▶ _What the task requires_:
Without including any pictures, give back all of the data exactly.

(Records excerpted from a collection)
***
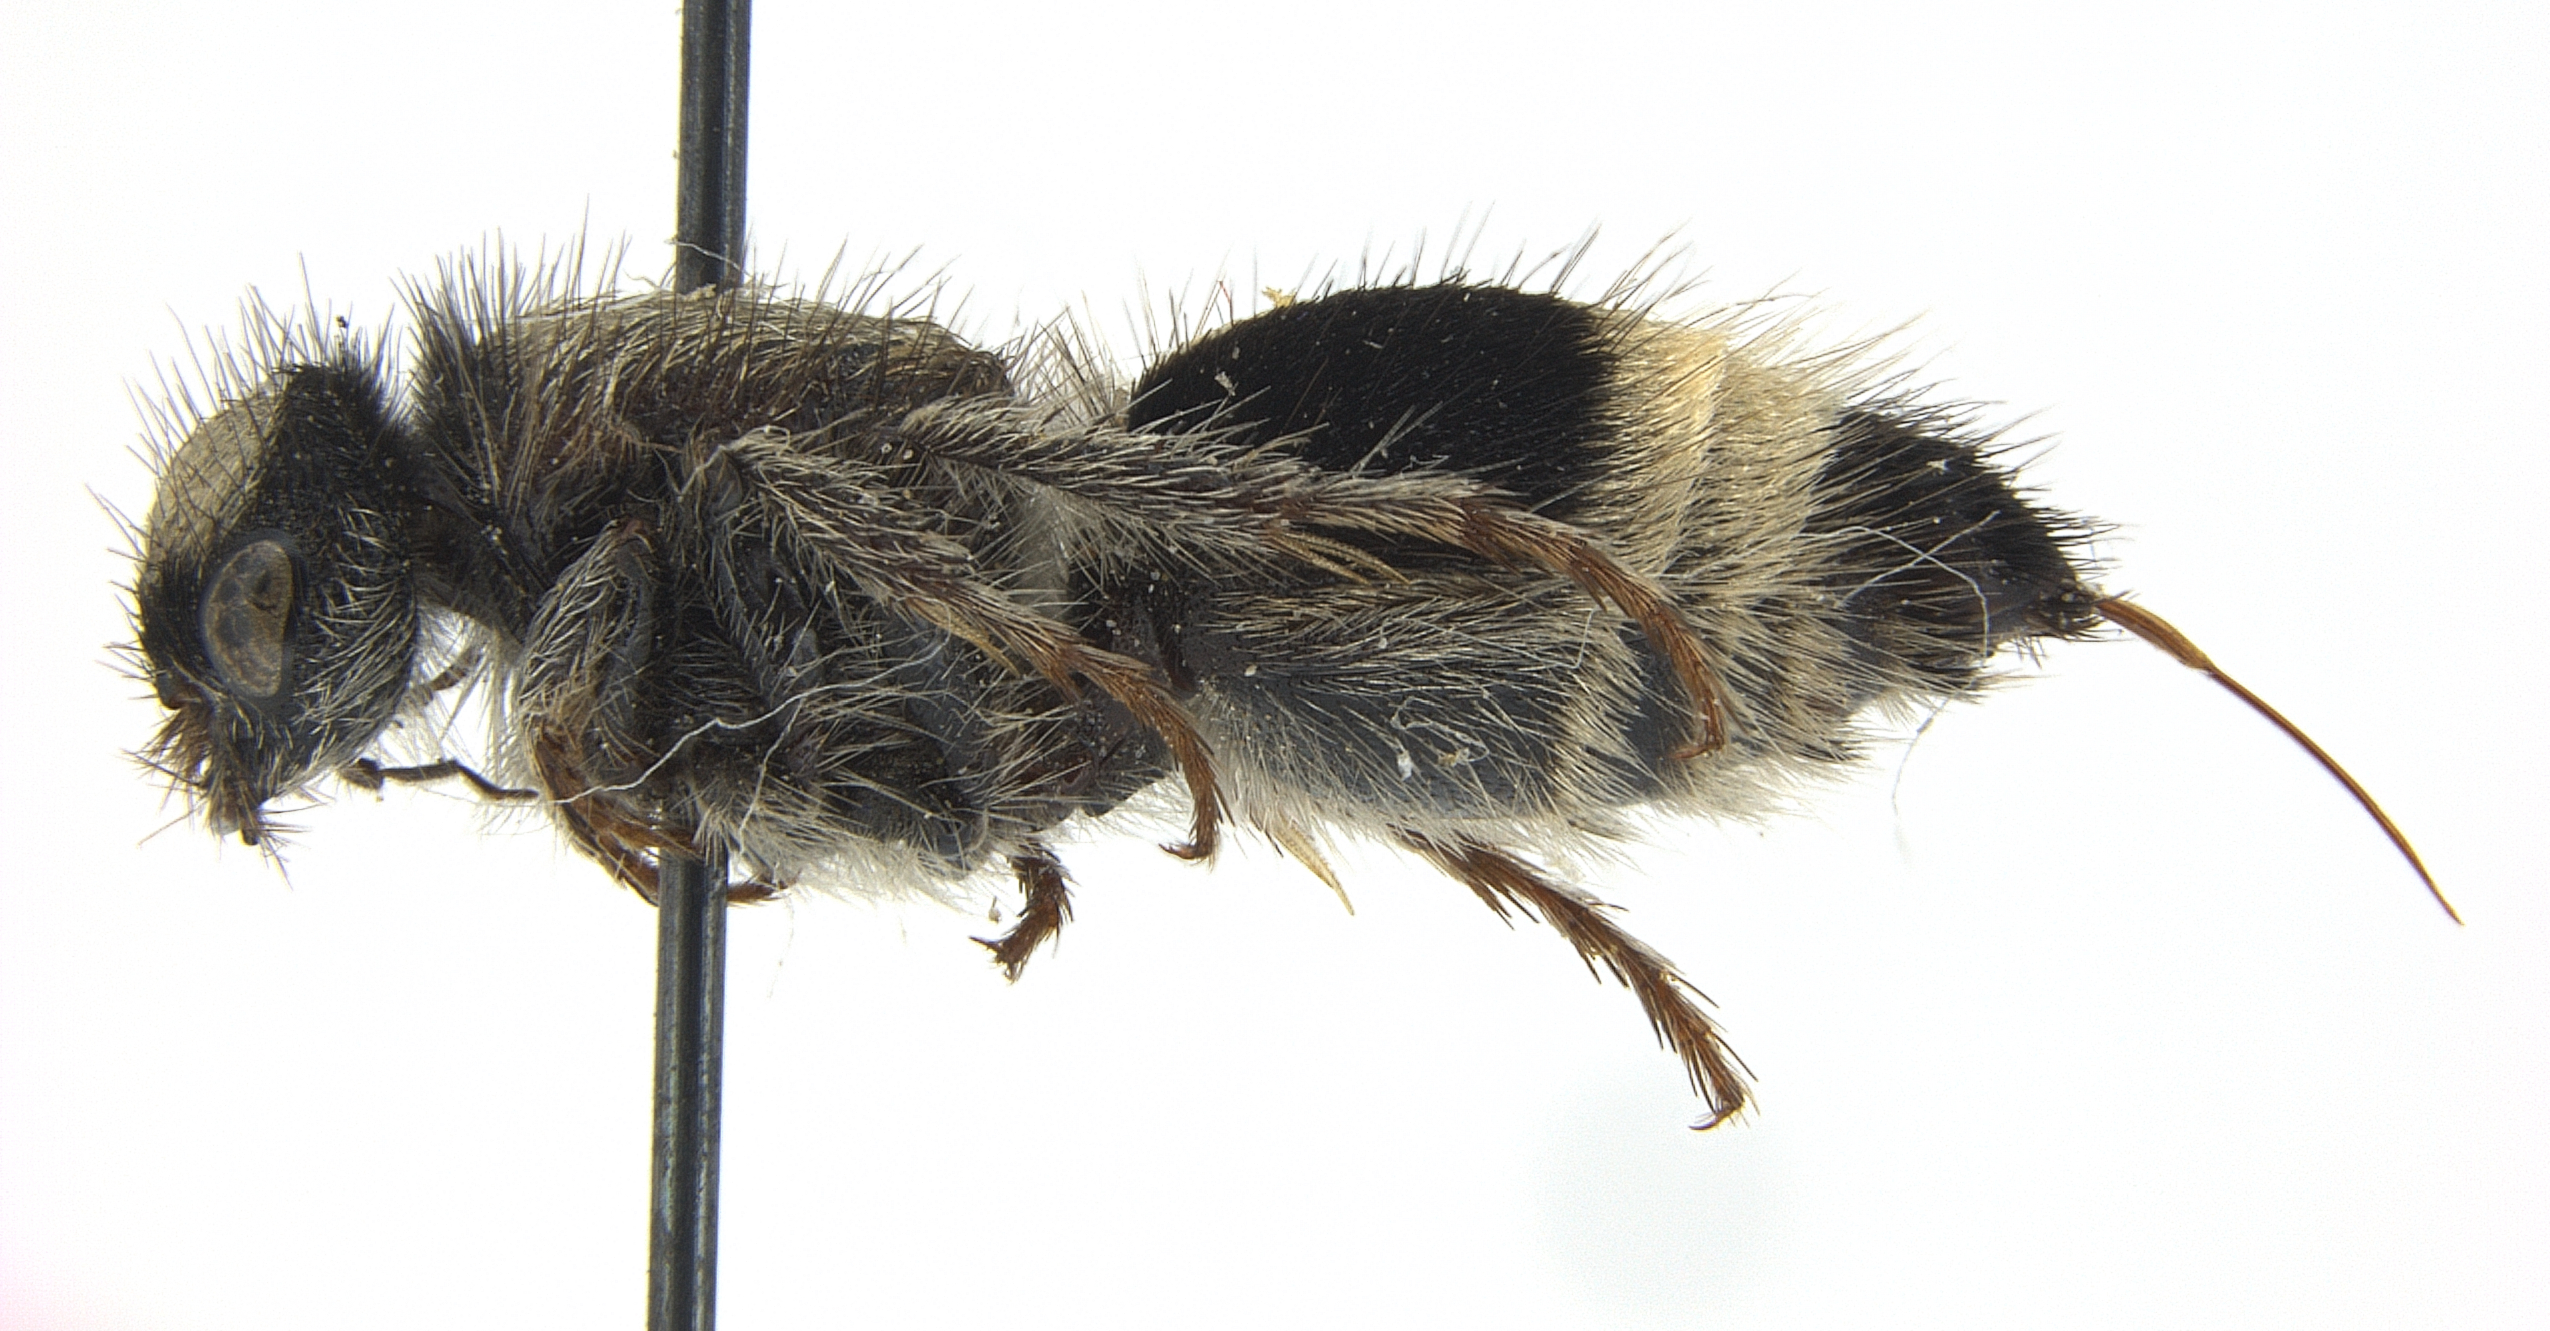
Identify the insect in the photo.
Nemka viduata
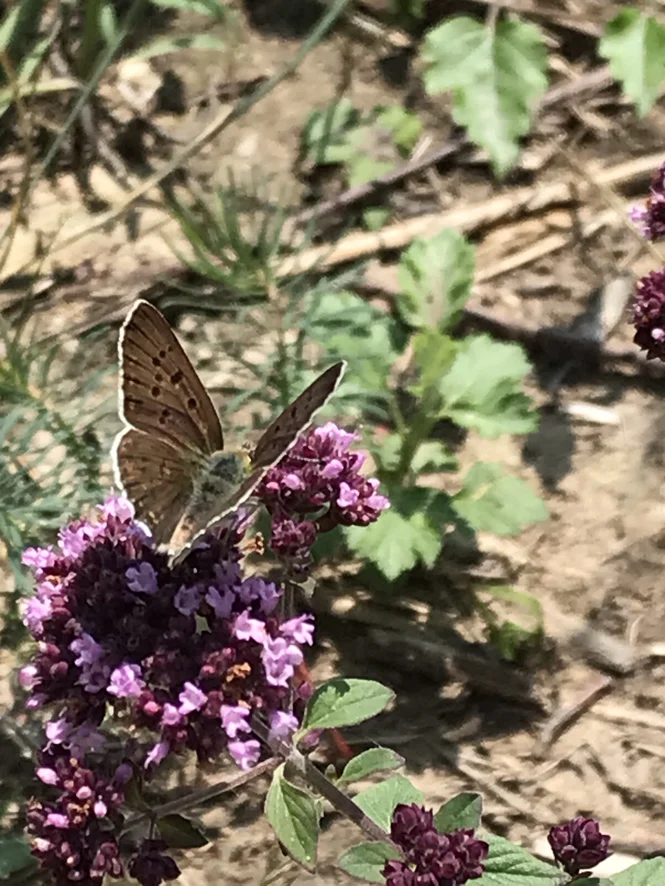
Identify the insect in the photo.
Lycaena tityrus (also Loweia tityrus)
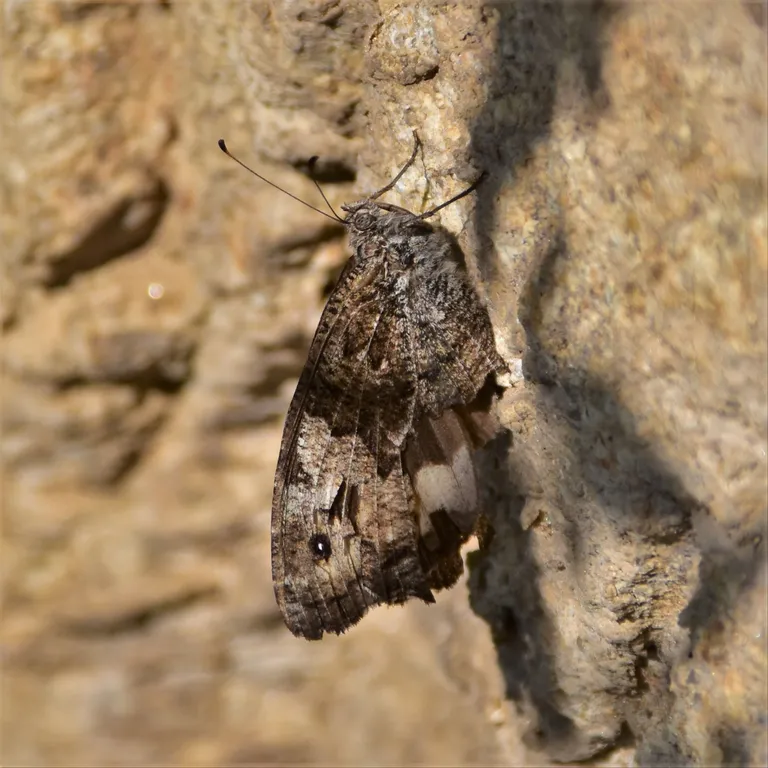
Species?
Hipparchia fagi
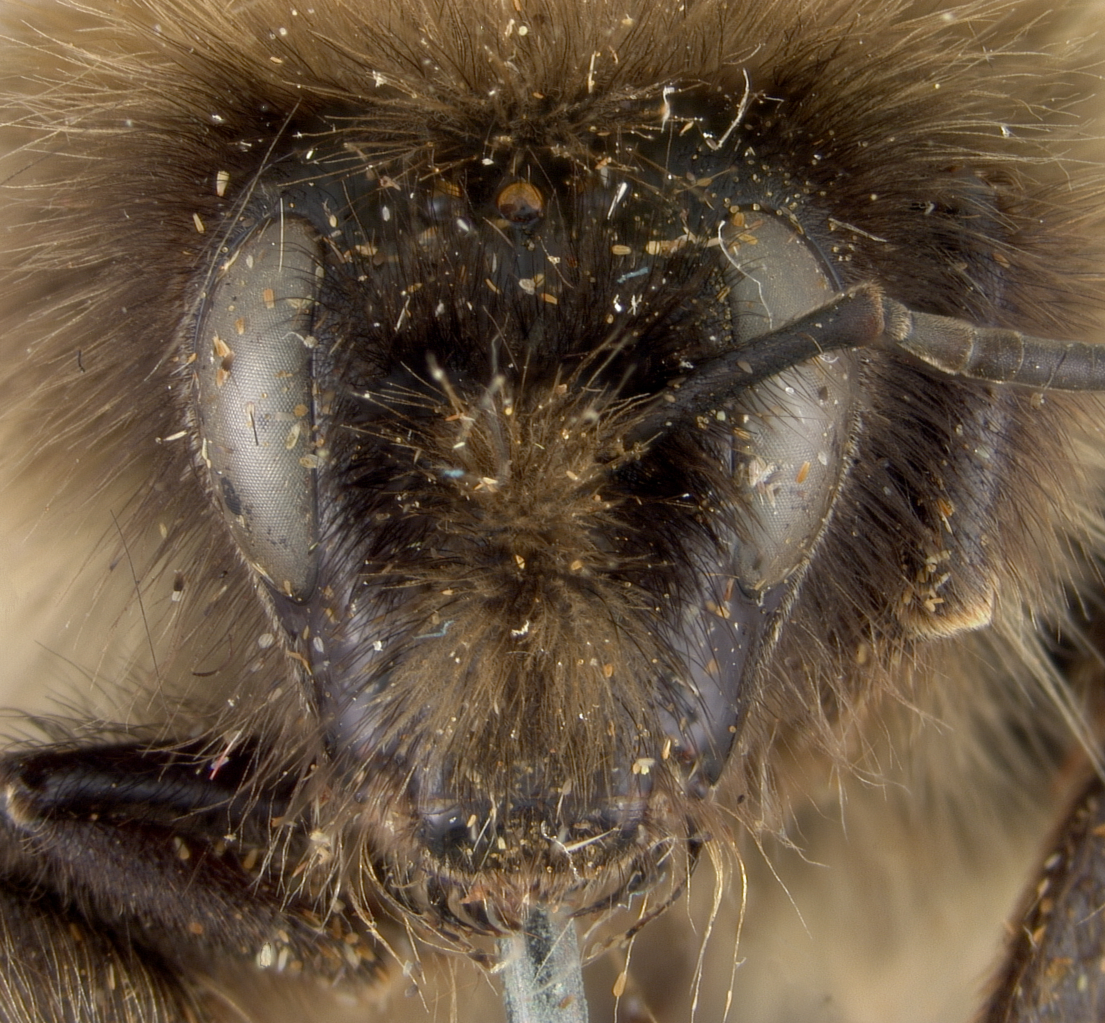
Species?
Psithyrus kodiakensis
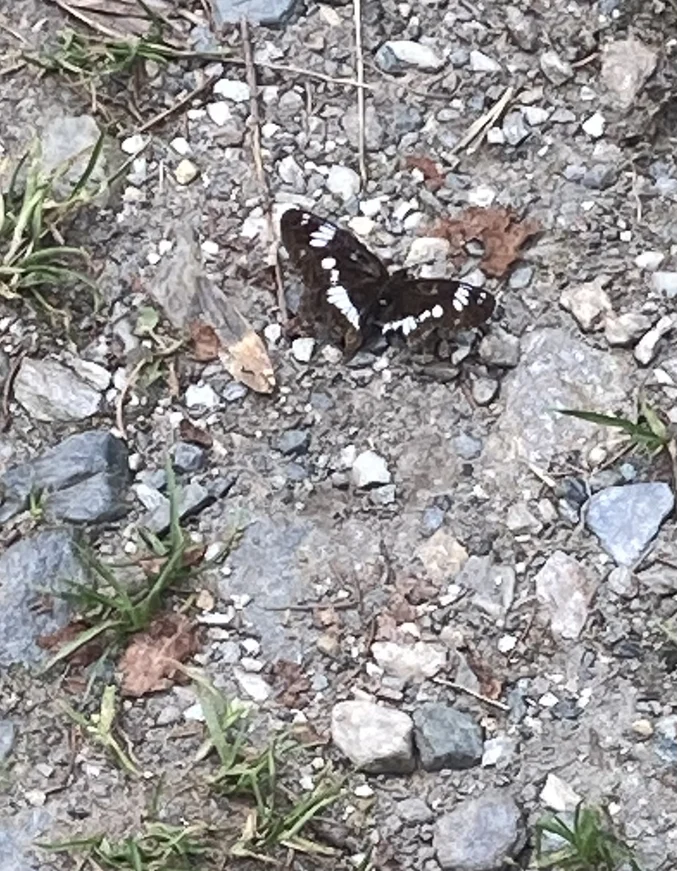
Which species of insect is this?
Limenitis camilla (also Ladoga camilla)
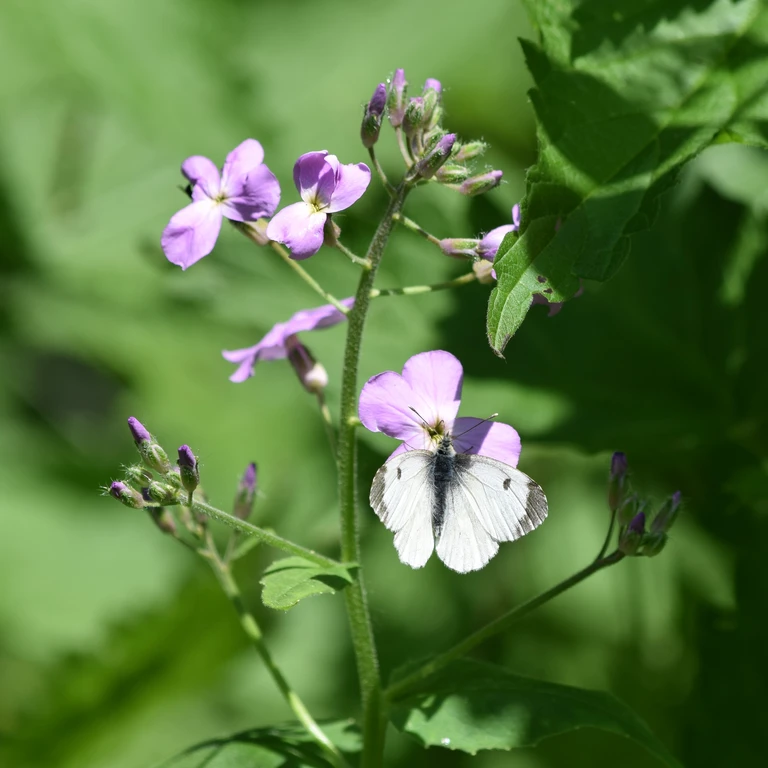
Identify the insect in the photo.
Anthocharis cardamines
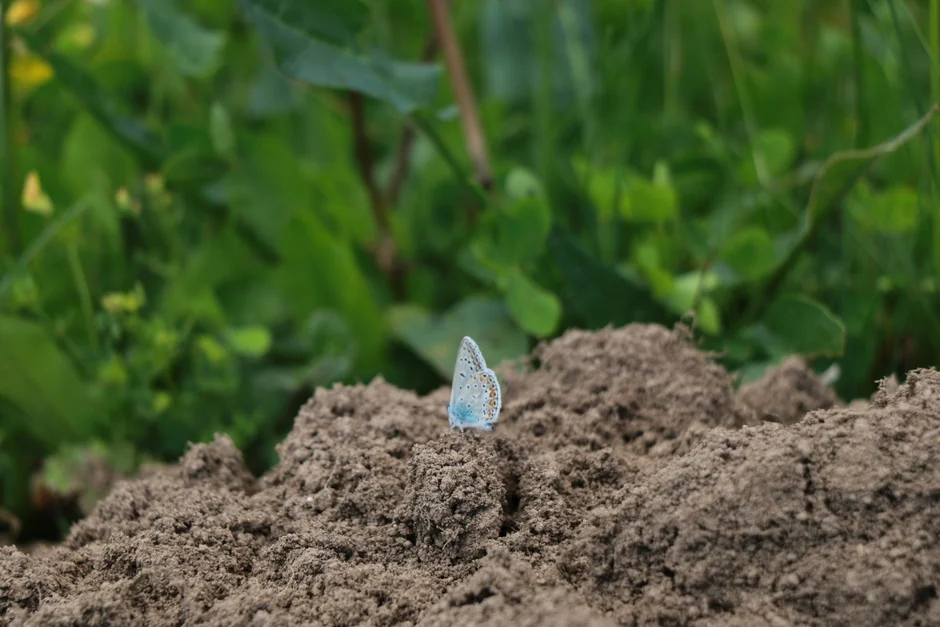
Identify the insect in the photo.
Polyommatus icarus
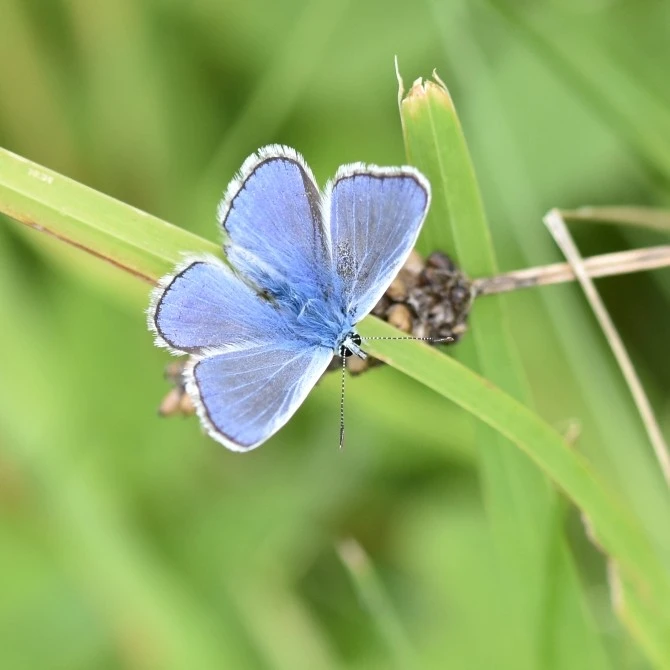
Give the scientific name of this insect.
Polyommatus icarus
***
▶ _Answer_:
Identify the insect in the photo.
Nemka viduata
Identify the insect in the photo.
Lycaena tityrus (also Loweia tityrus)
Species?
Hipparchia fagi
Species?
Psithyrus kodiakensis
Which species of insect is this?
Limenitis camilla (also Ladoga camilla)
Identify the insect in the photo.
Anthocharis cardamines
Identify the insect in the photo.
Polyommatus icarus
Give the scientific name of this insect.
Polyommatus icarus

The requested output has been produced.